Top of Raw data

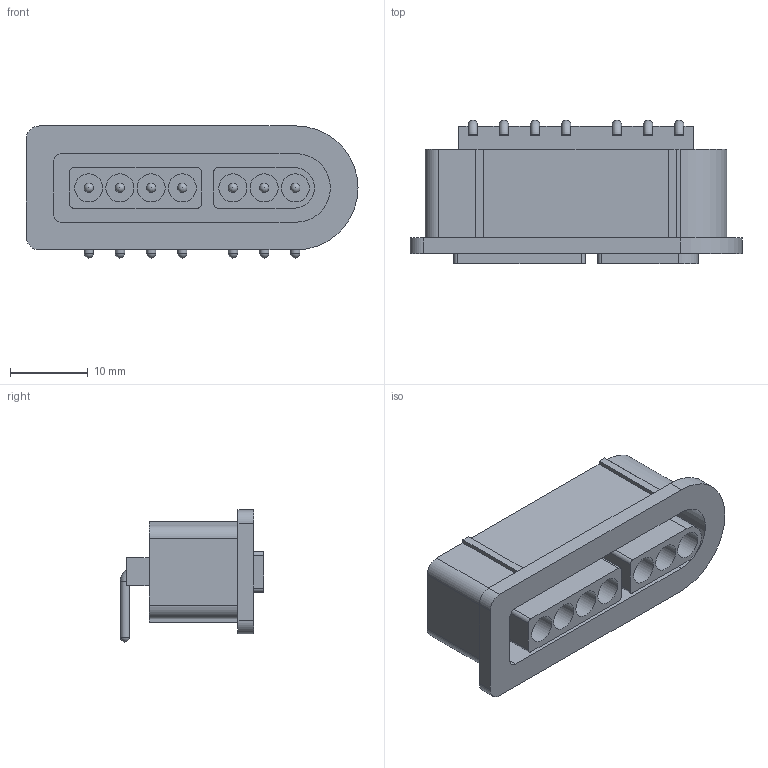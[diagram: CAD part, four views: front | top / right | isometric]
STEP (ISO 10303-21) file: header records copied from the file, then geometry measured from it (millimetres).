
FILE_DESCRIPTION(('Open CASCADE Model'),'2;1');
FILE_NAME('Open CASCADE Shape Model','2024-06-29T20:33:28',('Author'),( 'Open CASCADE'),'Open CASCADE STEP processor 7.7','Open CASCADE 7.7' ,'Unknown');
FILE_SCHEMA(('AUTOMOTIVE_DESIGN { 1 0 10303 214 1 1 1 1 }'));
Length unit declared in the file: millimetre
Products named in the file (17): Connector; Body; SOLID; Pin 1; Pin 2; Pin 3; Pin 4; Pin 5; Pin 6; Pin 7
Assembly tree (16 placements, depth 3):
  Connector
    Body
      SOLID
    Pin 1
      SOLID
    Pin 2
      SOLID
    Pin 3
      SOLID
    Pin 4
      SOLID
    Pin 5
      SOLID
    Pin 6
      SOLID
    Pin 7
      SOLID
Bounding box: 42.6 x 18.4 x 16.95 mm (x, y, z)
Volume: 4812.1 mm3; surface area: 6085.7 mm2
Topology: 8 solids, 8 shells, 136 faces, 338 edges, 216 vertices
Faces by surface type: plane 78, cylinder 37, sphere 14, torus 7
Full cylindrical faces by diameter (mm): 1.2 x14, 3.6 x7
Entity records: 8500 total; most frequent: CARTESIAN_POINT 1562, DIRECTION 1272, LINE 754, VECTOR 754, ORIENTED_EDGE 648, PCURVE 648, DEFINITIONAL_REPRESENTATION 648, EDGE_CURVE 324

Bottom of Raw data
Top of Raw data

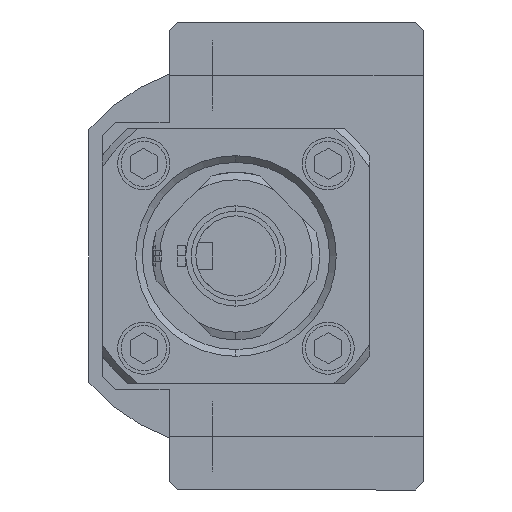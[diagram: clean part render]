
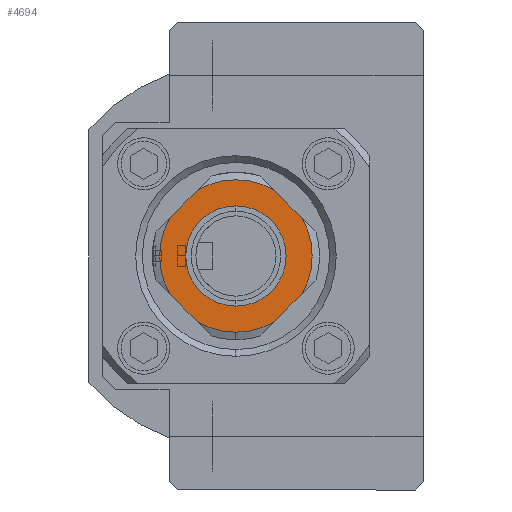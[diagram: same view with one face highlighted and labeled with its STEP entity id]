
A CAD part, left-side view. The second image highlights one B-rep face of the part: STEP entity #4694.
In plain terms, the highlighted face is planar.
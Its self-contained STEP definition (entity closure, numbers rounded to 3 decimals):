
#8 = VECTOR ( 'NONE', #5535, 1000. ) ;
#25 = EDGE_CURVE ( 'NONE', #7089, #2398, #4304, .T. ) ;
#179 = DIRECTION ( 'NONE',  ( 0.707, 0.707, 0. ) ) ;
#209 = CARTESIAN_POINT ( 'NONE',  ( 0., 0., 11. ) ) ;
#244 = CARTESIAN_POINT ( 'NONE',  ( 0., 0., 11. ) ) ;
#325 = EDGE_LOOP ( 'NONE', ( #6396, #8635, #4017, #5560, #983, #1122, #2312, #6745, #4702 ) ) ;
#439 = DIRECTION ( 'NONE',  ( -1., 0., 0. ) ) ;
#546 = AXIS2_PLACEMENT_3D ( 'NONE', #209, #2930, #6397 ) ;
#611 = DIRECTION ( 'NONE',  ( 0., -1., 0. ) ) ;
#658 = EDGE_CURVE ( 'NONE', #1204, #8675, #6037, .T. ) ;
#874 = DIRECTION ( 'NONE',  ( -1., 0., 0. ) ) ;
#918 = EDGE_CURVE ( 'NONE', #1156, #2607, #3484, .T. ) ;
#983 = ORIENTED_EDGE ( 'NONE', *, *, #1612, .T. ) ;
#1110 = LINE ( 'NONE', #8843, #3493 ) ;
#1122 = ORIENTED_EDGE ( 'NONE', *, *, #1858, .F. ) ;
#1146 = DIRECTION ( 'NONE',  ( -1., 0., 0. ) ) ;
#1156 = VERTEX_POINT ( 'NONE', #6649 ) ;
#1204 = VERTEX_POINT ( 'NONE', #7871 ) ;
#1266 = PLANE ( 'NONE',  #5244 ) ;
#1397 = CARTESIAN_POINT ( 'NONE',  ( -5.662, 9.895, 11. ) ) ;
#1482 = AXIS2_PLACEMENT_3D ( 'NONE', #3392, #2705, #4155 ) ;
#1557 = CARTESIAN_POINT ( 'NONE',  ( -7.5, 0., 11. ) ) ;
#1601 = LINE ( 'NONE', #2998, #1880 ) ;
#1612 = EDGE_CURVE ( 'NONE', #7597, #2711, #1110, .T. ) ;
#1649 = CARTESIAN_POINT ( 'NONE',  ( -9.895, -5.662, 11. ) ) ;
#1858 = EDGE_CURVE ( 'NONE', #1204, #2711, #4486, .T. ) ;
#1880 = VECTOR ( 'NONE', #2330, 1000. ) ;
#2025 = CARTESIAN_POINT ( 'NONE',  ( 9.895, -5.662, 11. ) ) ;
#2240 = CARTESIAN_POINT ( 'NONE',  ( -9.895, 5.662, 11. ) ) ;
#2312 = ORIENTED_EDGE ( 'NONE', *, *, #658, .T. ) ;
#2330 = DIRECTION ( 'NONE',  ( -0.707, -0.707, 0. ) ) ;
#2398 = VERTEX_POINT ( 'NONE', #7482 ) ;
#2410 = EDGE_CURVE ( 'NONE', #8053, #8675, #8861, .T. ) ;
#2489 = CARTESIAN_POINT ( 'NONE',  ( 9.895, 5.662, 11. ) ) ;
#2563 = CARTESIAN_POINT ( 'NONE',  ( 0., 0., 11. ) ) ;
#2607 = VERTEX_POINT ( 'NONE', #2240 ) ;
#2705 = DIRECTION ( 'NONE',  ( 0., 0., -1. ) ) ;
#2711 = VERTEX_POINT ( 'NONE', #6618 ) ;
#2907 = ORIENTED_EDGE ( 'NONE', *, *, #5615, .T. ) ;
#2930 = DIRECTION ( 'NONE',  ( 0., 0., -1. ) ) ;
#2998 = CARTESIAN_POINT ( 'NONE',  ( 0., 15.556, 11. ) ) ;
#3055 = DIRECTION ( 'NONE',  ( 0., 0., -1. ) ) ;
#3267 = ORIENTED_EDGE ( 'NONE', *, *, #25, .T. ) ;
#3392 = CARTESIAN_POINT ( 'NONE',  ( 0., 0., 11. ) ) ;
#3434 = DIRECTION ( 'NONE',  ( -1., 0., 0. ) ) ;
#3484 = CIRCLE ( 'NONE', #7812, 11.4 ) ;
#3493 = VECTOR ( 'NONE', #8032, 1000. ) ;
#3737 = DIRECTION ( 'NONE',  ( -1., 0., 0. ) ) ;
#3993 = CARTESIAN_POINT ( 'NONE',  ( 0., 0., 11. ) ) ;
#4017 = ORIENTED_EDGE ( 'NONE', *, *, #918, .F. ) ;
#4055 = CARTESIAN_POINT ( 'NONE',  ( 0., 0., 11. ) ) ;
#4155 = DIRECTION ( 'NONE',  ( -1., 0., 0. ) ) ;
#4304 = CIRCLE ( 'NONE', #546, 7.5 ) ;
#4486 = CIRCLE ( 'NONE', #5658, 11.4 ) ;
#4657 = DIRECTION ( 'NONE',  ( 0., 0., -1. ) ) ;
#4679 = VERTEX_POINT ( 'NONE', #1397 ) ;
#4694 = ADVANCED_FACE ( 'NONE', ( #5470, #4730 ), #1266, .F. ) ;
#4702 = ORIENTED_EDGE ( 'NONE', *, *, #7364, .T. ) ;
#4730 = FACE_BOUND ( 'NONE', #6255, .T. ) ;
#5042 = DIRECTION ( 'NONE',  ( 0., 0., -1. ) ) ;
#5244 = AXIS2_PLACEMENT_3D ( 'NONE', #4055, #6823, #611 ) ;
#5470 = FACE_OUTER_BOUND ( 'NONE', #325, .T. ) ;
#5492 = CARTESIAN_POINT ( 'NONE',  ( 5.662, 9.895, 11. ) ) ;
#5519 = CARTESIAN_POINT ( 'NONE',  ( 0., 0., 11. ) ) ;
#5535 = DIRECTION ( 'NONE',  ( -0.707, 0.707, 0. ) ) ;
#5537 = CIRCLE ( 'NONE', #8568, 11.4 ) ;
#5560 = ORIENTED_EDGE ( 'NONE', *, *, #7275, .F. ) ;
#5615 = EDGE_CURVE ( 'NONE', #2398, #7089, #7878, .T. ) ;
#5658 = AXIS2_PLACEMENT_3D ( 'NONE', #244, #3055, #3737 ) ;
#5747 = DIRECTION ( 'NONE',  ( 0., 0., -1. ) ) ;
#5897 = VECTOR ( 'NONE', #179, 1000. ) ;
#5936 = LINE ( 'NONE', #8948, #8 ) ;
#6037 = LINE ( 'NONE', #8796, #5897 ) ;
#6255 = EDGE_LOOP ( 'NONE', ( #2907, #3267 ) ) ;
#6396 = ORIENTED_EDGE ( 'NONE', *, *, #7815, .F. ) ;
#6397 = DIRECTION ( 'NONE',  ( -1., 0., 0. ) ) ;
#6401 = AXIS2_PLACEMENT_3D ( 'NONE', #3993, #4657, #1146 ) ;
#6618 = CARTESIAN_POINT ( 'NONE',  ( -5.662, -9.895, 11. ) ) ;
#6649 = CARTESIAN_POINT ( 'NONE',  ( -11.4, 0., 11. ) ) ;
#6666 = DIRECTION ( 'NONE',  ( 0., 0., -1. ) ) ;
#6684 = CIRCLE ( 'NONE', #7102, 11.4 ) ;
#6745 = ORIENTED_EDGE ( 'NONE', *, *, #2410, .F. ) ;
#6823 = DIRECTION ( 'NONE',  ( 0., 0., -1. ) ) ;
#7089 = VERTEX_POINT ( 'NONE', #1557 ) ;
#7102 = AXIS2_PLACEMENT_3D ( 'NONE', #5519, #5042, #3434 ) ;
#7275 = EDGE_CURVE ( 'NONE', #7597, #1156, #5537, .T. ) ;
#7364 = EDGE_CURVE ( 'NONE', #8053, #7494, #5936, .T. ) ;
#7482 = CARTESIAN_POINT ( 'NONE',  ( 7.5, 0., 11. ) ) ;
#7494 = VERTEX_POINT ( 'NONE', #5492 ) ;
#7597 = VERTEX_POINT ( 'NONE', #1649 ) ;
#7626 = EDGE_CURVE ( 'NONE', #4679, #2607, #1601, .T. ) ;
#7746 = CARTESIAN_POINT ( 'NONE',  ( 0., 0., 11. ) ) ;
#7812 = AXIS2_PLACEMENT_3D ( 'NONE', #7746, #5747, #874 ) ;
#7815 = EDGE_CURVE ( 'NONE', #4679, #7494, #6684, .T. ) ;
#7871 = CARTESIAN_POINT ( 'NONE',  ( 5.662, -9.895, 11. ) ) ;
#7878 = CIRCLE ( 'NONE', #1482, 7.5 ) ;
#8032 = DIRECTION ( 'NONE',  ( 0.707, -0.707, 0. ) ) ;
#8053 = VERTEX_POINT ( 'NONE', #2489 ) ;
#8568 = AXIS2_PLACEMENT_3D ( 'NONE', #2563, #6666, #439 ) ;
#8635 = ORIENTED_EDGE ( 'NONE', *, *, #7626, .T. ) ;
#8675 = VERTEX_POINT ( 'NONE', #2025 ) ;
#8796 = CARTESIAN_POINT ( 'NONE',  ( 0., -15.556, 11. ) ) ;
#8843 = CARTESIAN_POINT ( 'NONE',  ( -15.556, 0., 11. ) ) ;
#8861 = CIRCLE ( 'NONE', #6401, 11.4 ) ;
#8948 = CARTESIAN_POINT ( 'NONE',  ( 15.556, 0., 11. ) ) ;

Bottom of Raw data
Top of Raw data

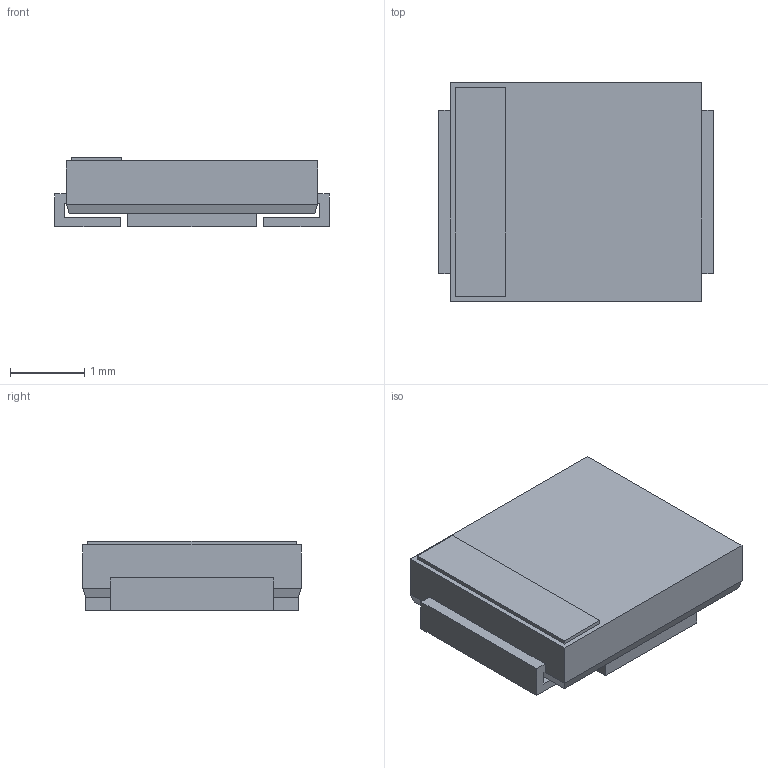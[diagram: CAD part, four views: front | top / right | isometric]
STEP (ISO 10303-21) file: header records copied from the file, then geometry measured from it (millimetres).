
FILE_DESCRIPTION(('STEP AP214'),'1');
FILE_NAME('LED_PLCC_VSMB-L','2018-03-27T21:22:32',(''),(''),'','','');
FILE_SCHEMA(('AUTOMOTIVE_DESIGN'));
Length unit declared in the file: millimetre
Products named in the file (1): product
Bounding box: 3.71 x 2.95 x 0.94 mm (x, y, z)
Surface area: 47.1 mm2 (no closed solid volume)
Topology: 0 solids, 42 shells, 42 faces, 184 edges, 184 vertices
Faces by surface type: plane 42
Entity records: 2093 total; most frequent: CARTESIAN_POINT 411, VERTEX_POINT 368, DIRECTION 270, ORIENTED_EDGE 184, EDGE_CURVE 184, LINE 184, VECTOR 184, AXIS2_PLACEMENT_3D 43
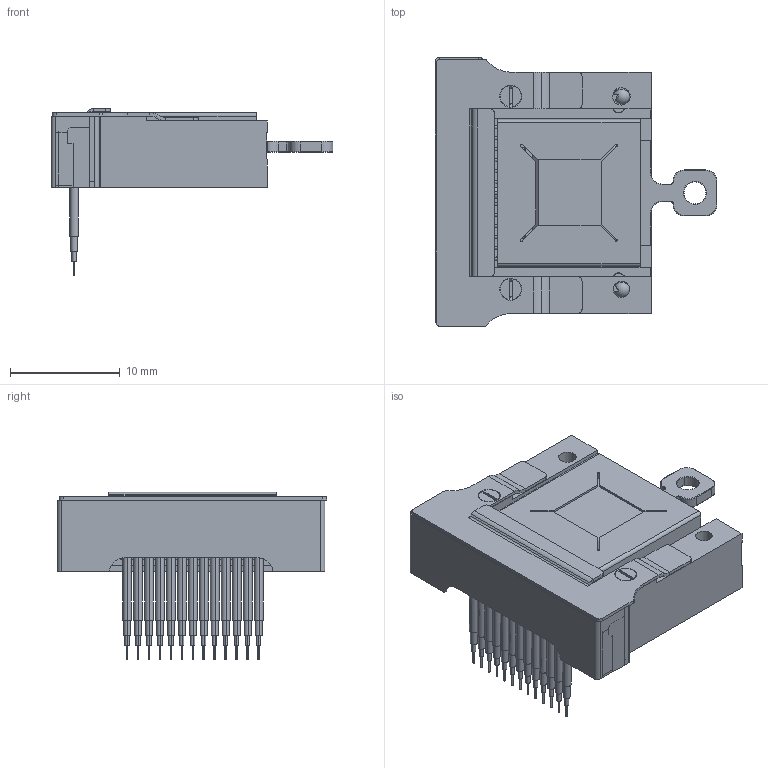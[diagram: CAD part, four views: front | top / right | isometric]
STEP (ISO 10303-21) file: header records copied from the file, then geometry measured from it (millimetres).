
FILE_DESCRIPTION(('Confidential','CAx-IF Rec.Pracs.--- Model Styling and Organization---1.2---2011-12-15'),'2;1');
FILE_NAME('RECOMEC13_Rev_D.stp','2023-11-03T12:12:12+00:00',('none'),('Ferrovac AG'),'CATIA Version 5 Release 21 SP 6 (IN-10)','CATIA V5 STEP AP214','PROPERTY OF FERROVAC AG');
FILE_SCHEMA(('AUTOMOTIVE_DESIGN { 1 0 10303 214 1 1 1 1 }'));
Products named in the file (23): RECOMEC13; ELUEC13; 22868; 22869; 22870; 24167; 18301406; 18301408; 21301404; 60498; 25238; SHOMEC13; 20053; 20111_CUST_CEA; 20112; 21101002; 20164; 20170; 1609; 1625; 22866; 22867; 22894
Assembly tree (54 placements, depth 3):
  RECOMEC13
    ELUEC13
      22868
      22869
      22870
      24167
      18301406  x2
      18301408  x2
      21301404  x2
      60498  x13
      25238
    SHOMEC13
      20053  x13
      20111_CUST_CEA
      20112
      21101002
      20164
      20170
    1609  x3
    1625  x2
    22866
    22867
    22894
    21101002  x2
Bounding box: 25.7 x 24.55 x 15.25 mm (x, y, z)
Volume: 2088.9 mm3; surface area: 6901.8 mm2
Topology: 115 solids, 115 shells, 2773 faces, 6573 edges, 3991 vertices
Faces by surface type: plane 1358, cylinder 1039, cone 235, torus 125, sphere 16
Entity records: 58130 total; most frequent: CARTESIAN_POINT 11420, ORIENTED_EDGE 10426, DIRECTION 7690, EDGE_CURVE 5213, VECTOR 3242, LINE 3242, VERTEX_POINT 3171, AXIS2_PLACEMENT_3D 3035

Bottom of Raw data

→ Task statement:
Would you retype exactly the lines above, from the line with "#7626 = EDGE_CURVE" to the line with "#8948 = CARTESIAN_POINT", with both end lines kept and nothing more?

→ Task result:
#7626 = EDGE_CURVE ( 'NONE', #4679, #2607, #1601, .T. ) ;
#7746 = CARTESIAN_POINT ( 'NONE',  ( 0., 0., 11. ) ) ;
#7812 = AXIS2_PLACEMENT_3D ( 'NONE', #7746, #5747, #874 ) ;
#7815 = EDGE_CURVE ( 'NONE', #4679, #7494, #6684, .T. ) ;
#7871 = CARTESIAN_POINT ( 'NONE',  ( 5.662, -9.895, 11. ) ) ;
#7878 = CIRCLE ( 'NONE', #1482, 7.5 ) ;
#8032 = DIRECTION ( 'NONE',  ( 0.707, -0.707, 0. ) ) ;
#8053 = VERTEX_POINT ( 'NONE', #2489 ) ;
#8568 = AXIS2_PLACEMENT_3D ( 'NONE', #2563, #6666, #439 ) ;
#8635 = ORIENTED_EDGE ( 'NONE', *, *, #7626, .T. ) ;
#8675 = VERTEX_POINT ( 'NONE', #2025 ) ;
#8796 = CARTESIAN_POINT ( 'NONE',  ( 0., -15.556, 11. ) ) ;
#8843 = CARTESIAN_POINT ( 'NONE',  ( -15.556, 0., 11. ) ) ;
#8861 = CIRCLE ( 'NONE', #6401, 11.4 ) ;
#8948 = CARTESIAN_POINT ( 'NONE',  ( 15.556, 0., 11. ) ) ;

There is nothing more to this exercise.